Apart from the HG One are there any hand grinders that will do an excellent espresso grind that are easily bought in the UK.

my dad's gone for the HG One and the lever machine from londinium and I was looking for a similar setup but on a budget. I'm only interested in a grinder comments for this post not lever machines.

thanks


----------



## jeebsy (May 5, 2013)

Hausgrind from Madebyknock


----------



## 4085 (Nov 23, 2012)

Yofal, if you have a budget, what is it? A Hausgrind is about £130 delivered, the HG One around £750 to £800....They both represent the best at the price point. Is there a better electric grinder than a Hausgrind at that price? Probably not but but how much do you drink? If it is multiple cups a day, then either grinder will be a pain.


----------



## Geordie Boy (Nov 26, 2012)

Is the Pharos from OE still in production?


----------



## kikapu (Nov 18, 2012)

jeebsy said:


> Hausgrind from Madebyknock


Agree with this although he did say easily available!!
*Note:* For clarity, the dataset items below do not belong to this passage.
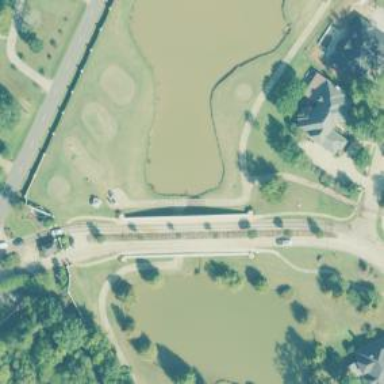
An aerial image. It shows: Footway that resembles golf path.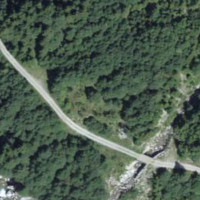
EUNIS habitat code: 23
Species observed at this site:
Ajuga pyramidalis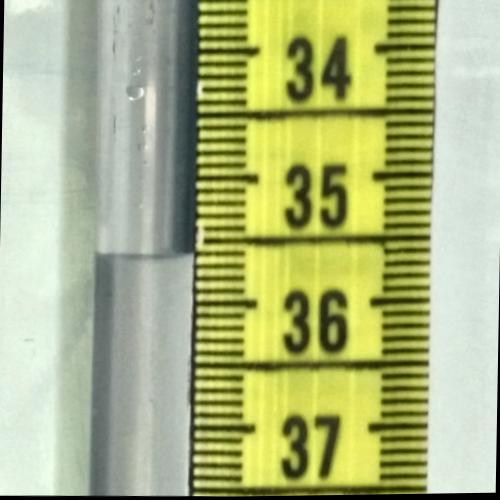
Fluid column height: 35.6 cm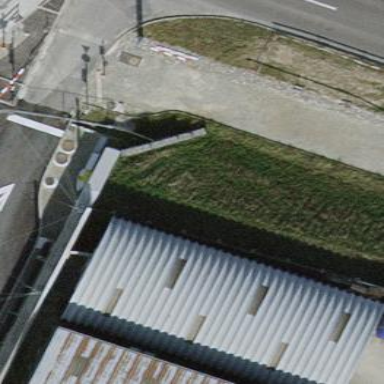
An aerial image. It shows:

a bit of a waiting list at the moment but that might suit depending when you are buying your espresso machine


----------



## Yofal (Apr 7, 2014)

Thanks for all your replies!

no coffee machine in sight yet still looking to get the best machine for the money new or used.
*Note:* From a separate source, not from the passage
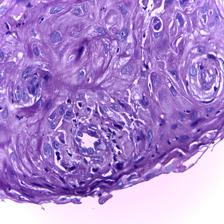
Diagnosis: Normal

Budget around £0-£300. I just love the hand grind over electric after using the HG One.

i don't mind waiting as long as we're not talking months.
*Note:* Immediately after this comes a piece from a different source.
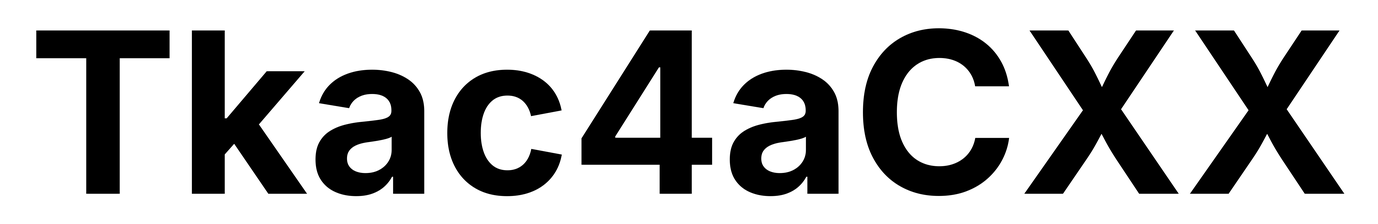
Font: Inter_Bold

Will take ale a look at the suggested grinders now.

thanks


----------



## Yofal (Apr 7, 2014)

I do actually remember looking at the hausgrinder when I first looked into handgriders for my Aeropress. Look nice but I was slightly put off by the wait, I think when I looked there was a 3 month wait.


----------



## coffeechap (Apr 5, 2012)

shame you just missed out on a pharos on ebay, might be one coming up on here soon though


----------



## Yofal (Apr 7, 2014)

The Pharos looks interesting - How much do they go for?


----------



## aaronb (Nov 16, 2012)

coffeechap said:


> shame you just missed out on a pharos on ebay, might be one coming up on here soon though


was it purchased by you, per chance?


----------



## coffeechap (Apr 5, 2012)

no i missed the end of the auction, but i do know someone who maybe offloading theirs soon. typically they sell for aroundthe £200 mark here.


----------



## Doggycam (May 9, 2013)

I got that Pharos. Just got it yesterday. Its quite an upgrade over a super jolly. It makes the jolly seem a bit dull tasting and flat.

Bit of a faff getting the grinds out though, but i reckon worth the grief.

Id like an HG one too, but oh! the cost.


----------



## aaronb (Nov 16, 2012)

Congrats on your win Doggycam!


----------



## Yofal (Apr 7, 2014)

Looks like the Pharos is the next best thing to the HG One if your on a budget, although the HG One looks über cool compared to the Pharos. Having used the HG One it's very smooth sturdy and the little widget that carries the grounds to the porta filter is great.


----------